HeroLT includes 13 algorithms, as shown in the following Table.
| Algorithm | Venue | Long-tailedness | Task |
|---|---|---|---|
| X-Transformer | 20KDD | Data imbalance, extreme # of categories | Multi-label text classification |
| XR-Transformer | 21NeurIPS | Data imbalance, extreme # of categories | Multi-label text classification |
| XR-Linear | 22KDD | Data imbalance, extreme # of categories | Multi-label text classification |
| BBN | 20CVPR | Data imbalance | Image classification |
| BALMS | 20NeurIPS | Data imbalance | Image classification, Instance segmentation |
| OLTR | 19CVPR | Data imbalance, extreme # of categories | Image classification |
| TDE | 20NeurIPS | Data imbalance, extreme # of categories | Image classification |
| MiSLAS | 21CVPR | Data imbalance | Image classification |
| Decoupling | 20ICLR | Data imbalance | Image classification |
| GraphSMOTE | 21WSDM | Data imbalance | Node classification |
| ImGAGN | 21KDD | Data imbalance | Node classification |
| TailGNN | 21KDD | Data imbalance, extreme # of categories | Node classification |
| LTE4G | 22CIKM | Data imbalance, extreme # of categories | Node classification |
HeroLT includes 14 datasets, as shown in the following Table.

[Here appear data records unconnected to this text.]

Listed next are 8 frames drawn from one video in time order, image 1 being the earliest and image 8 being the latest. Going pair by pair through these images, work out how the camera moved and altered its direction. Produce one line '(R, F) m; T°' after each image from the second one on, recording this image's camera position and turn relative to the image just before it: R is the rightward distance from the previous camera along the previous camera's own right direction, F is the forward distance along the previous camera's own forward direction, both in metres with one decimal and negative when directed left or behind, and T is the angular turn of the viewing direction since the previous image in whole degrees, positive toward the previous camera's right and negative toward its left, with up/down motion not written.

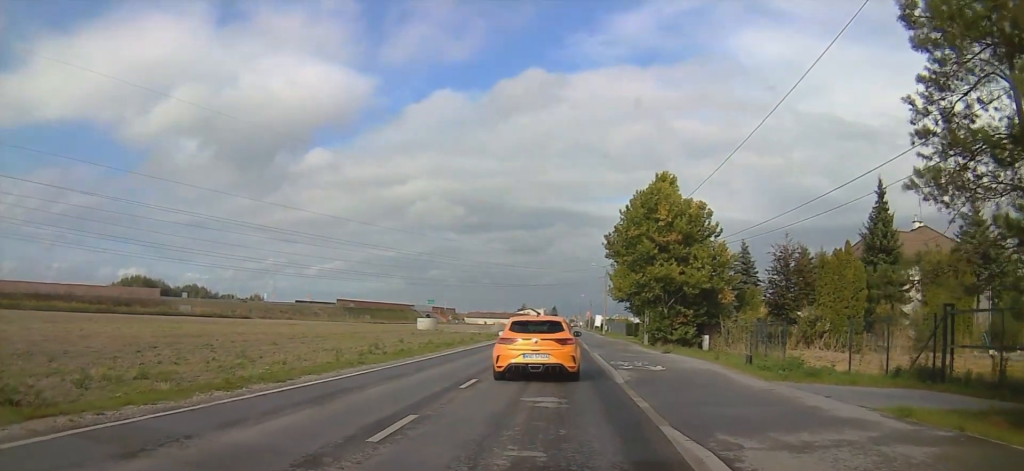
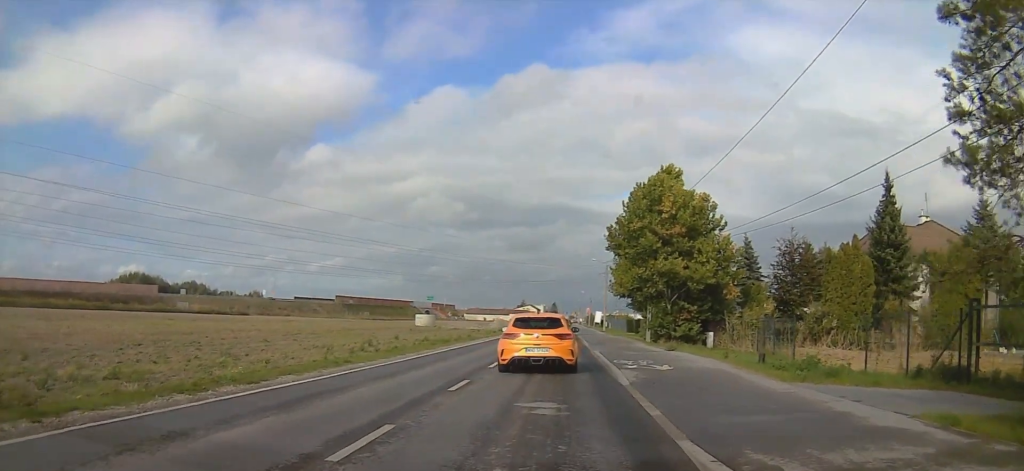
(0.0, 0.0) m; 0°
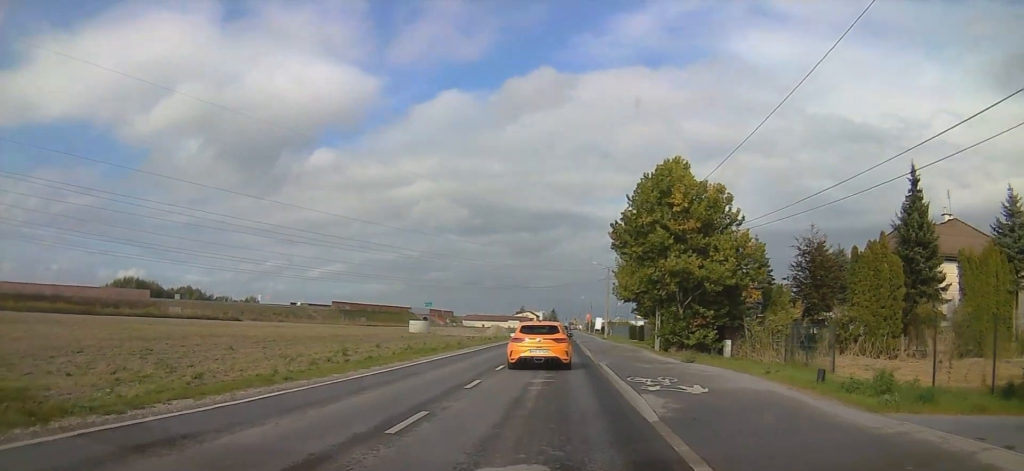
(+0.2, +0.5) m; +3°
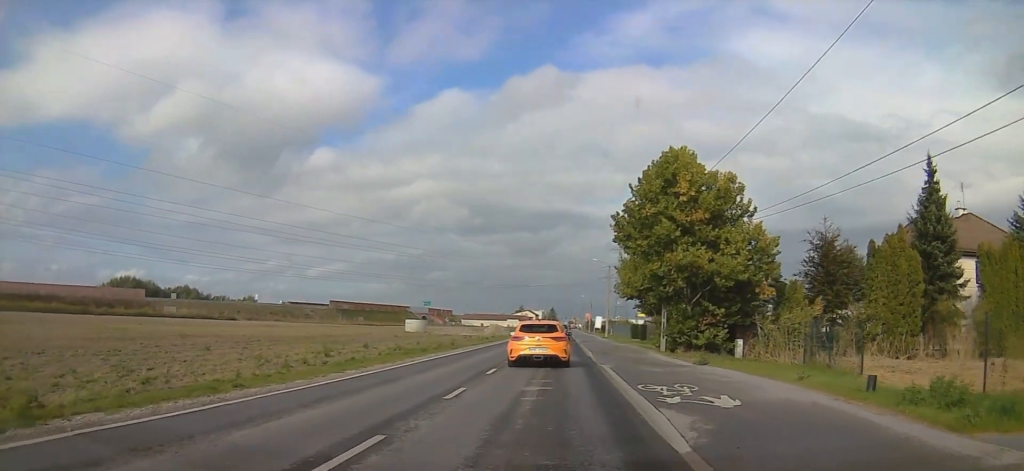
(-0.1, +1.7) m; -2°
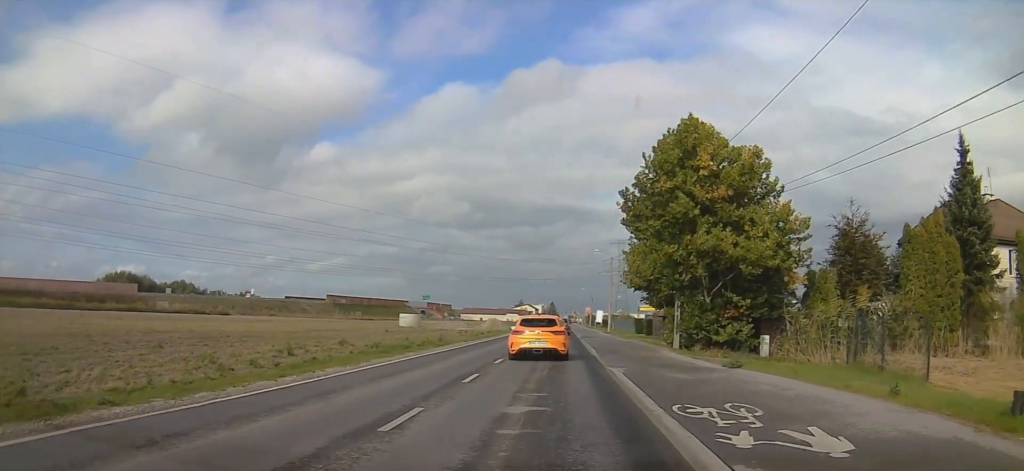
(-0.1, +3.2) m; -1°
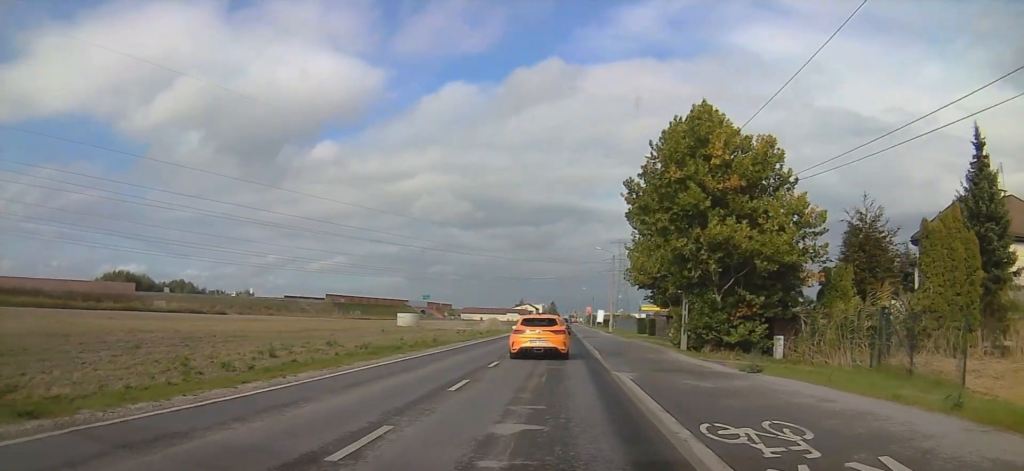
(0.0, +1.5) m; 0°
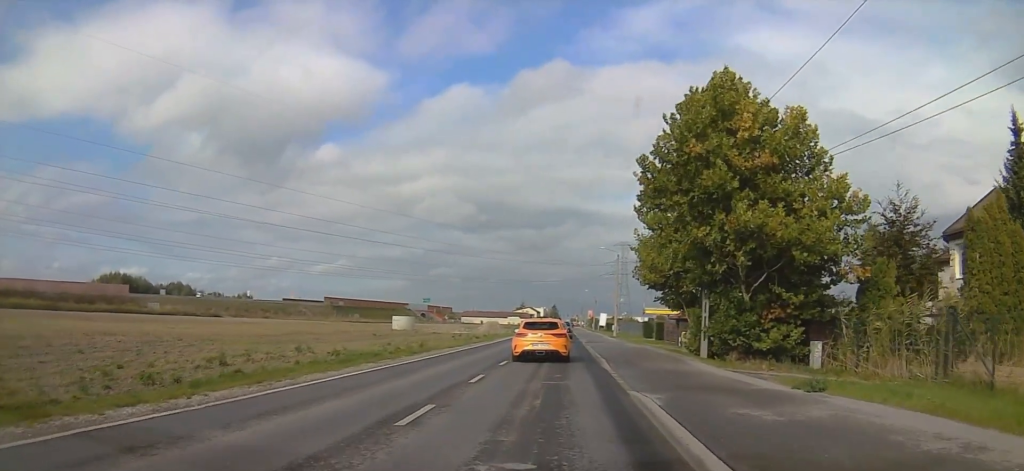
(0.0, +3.8) m; 0°
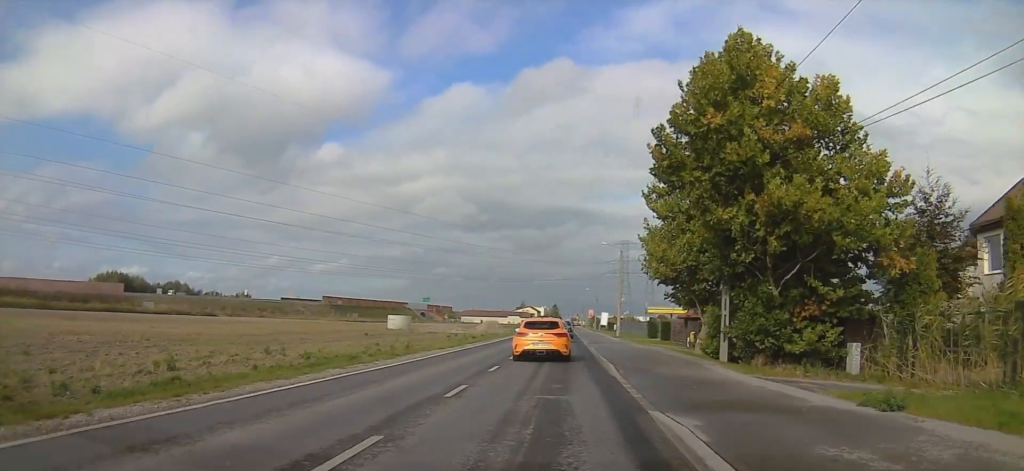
(0.0, +3.0) m; 0°

| Data Statistics | Long-Tailedness | ||||||
|---|---|---|---|---|---|---|---|
| Dataset | Data | # of Categories | Size | # of Edges | IF | Gini | Pareto |
| EURLEX-4K | Sequential | 3,956 | 15,499 | - | 1,024 | 0.342 | 3.968 |
| AMAZONCat-13K | Sequential | 13,330 | 1,186,239 | - | 355,211 | 0.327 | 20.000 |
| Wiki10-31K | Sequential | 30,938 | 14,146 | - | 11,411 | 0.312 | 4.115 |
| ImageNet-LT | Grid | 1,000 | 115,846 | - | 256 | 0.517 | 1.339 |
| Places-LT | Grid | 365 | 62,500 | - | 996 | 0.610 | 2.387 |
| iNatural 2018 | Grid | 8,142 | 437,513 | - | 500 | 0.647 | 1.658 |
| CIFAR 10-LT (100) | Grid | 10 | 12,406 | - | 100 | 0.617 | 1.751 |
| CIFAR 10-LT (50) | Grid | 10 | 13,996 | - | 50 | 0.593 | 1.751 |
| CIFAR 10-LT (10) | Grid | 10 | 20,431 | - | 10 | 0.520 | 0.833 |
| CIFAR 100-LT (100) | Grid | 100 | 10,847 | - | 100 | 0.498 | 1.972 |
| CIFAR 100-LT (50) | Grid | 100 | 12,608 | - | 50 | 0.488 | 1.590 |
| CIFAR 100-LT (10) | Grid | 100 | 19,573 | - | 10 | 0.447 | 0.836 |
| LVIS v0.5 | Grid | 1,231 | 693,958 | - | 26,148 | 0.381 | 6.250 |
| Cora-Full | Relational | 70 | 19,793 | 146,635 | 62 | 0.321 | 0.919 |
| Wiki | Relational | 17 | 2,405 | 25,597 | 45 | 0.414 | 1.000 |
| Relational | 42 | 1,005 | 25,934 | 109 | 0.413 | 1.263 | |
| Amazon-Clothing | Relational | 77 | 24,919 | 208,279 | 10 | 0.343 | 0.814 |
| Amazon-Eletronics | Relational | 167 | 42,318 | 129,430 | 9 | 0.329 | 0.600 |
Here, we present a motivative application of the recommendation system, which naturally exhibits long-tailed data distributions coupled with data complexity [2] (e.g., tabular data and relational data) and task heterogeneity (e.g., user profiling [1] and recommendation [2]).
[1] E. Purificato, L. Boratto, and E. W. De Luca, “Do graph neural networks build fair user models? assessing disparate impact and mistreatment in behavioural user profiling”. CIKM 2022.
[2] F. Liu, Z. Cheng, L. Zhu, C. Liu, and L. Nie, “An attribute-aware attentive GCN model for attribute missing in recommendation”. IEEE Transactions on Knowledge and Data Engineering 2022.